WHY GHOSTS WAIL: A BRIEF MEMOIR
     
    It was a dry, overcast
Tuesday evening in the cold mid winter when I came back from the dead. Night
was falling in slow shades from a sky that looked flat and grey as old slate.
    I hauled myself from the river in
which I’d drowned over a year ago – losing control of my car on an invisible
sheet of black ice and plummeting to a watery demise – and stood on the muddy
bank. Dripping.
    The moon was heavy and bloated,
drooping through the thin clouds like a pregnant woman’s belly and birthing a
cold, hard light that did little to illuminate the way. I stared at the
surrounding countryside, noting how much it had changed in my absence. Trees
were bent and crippled, sporting layers of powdery mould from some ferocious blight;
grass was brown and spiky, starved of moisture and sunlight; even the water
from which I’d risen ran thick and black as crude oil.

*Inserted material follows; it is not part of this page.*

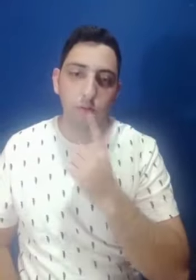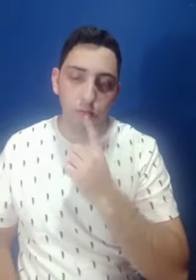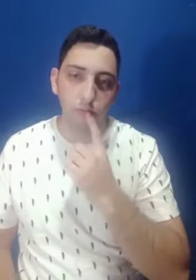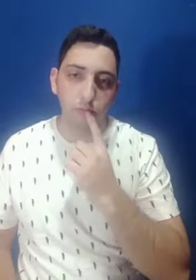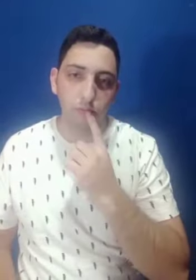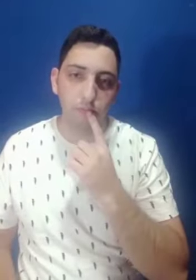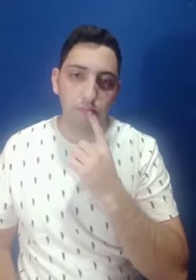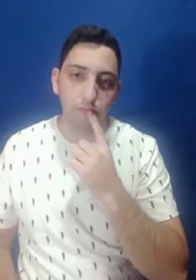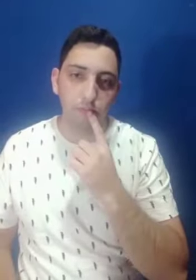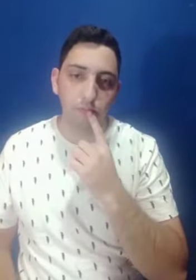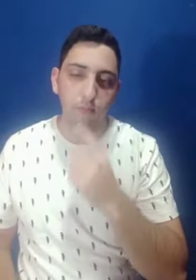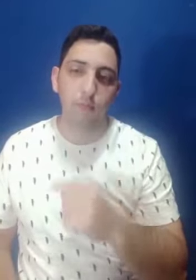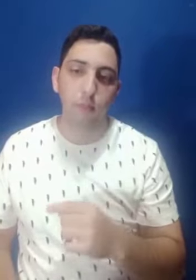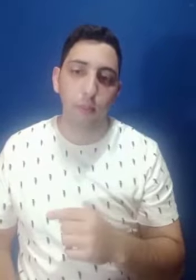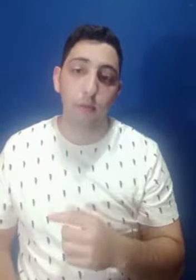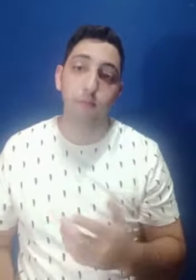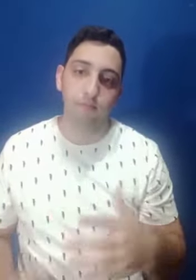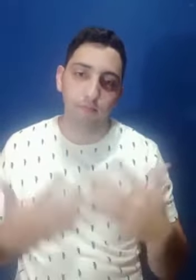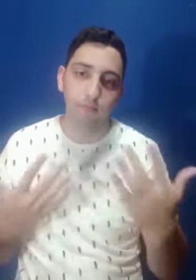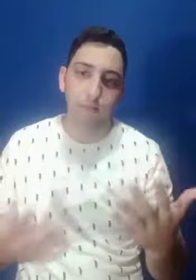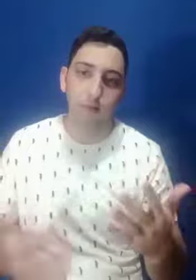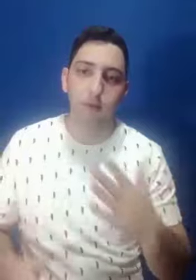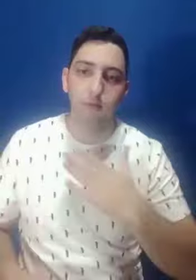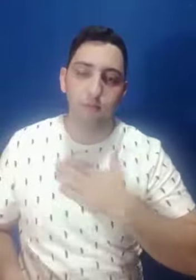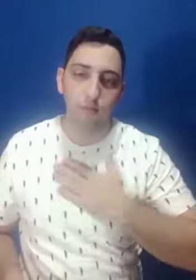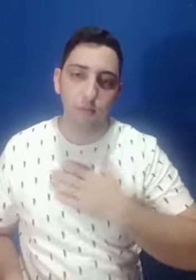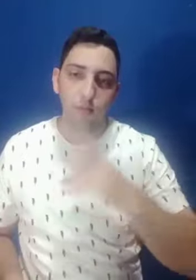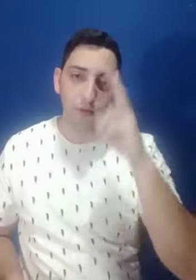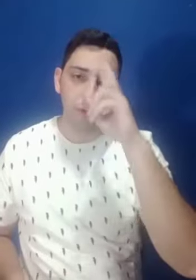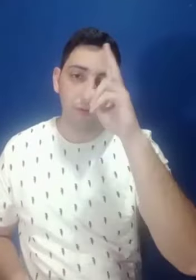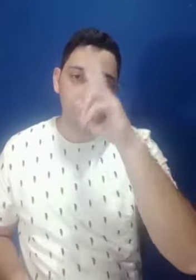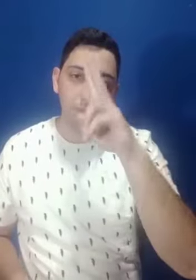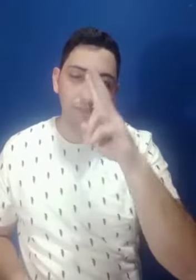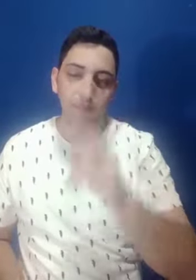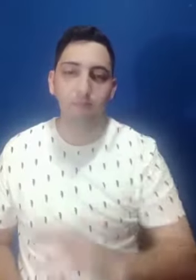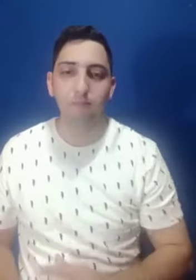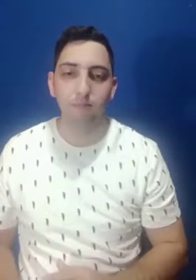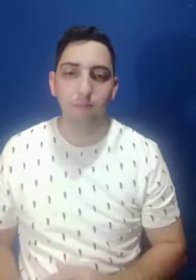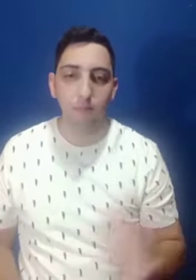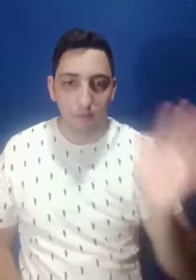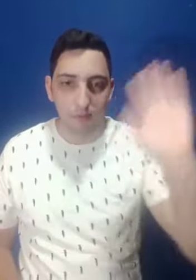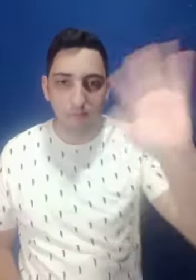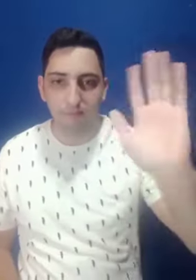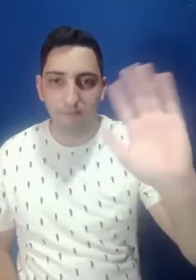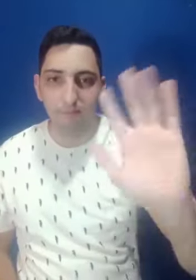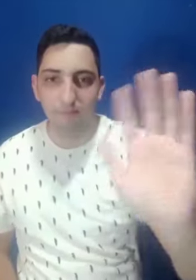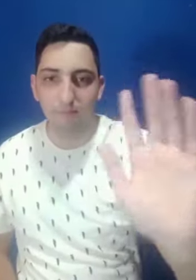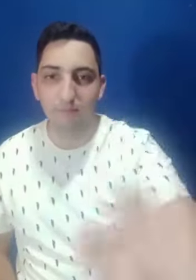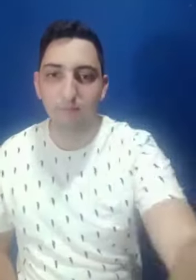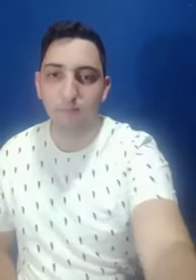maravilhoso. E também na comunicação com os surdos. Bom, essa foi a minha história. Tchau!

    Everything seemed tainted, polluted.
    I walked in the direction of my old
house, planning to look in on Molly and the kids. I didn’t plan to haunt them;
that would only cause them alarm. No, I just wanted to check that they were
surviving their grief, and that their lives were back on track since my small,
ill-attended funeral. I wanted to see that they were okay.
    I passed O’Malley’s place and saw
old Tom crawling around in the mud outside the empty ruins of his family farm.
He was down on all fours, like one of the animals he’d bred back when he was
still among the living, and stuffing great handfuls of mud into his mouth.
Tom’s face was drawn and elongated, his mouth stretched open like a grain sack.
It made him look like that old painting, The Scream.
    The clumped dirt just poured through
him, returning to the ground where it had originated, leaving no trace on his
transparent form. Tom had been dead for five years.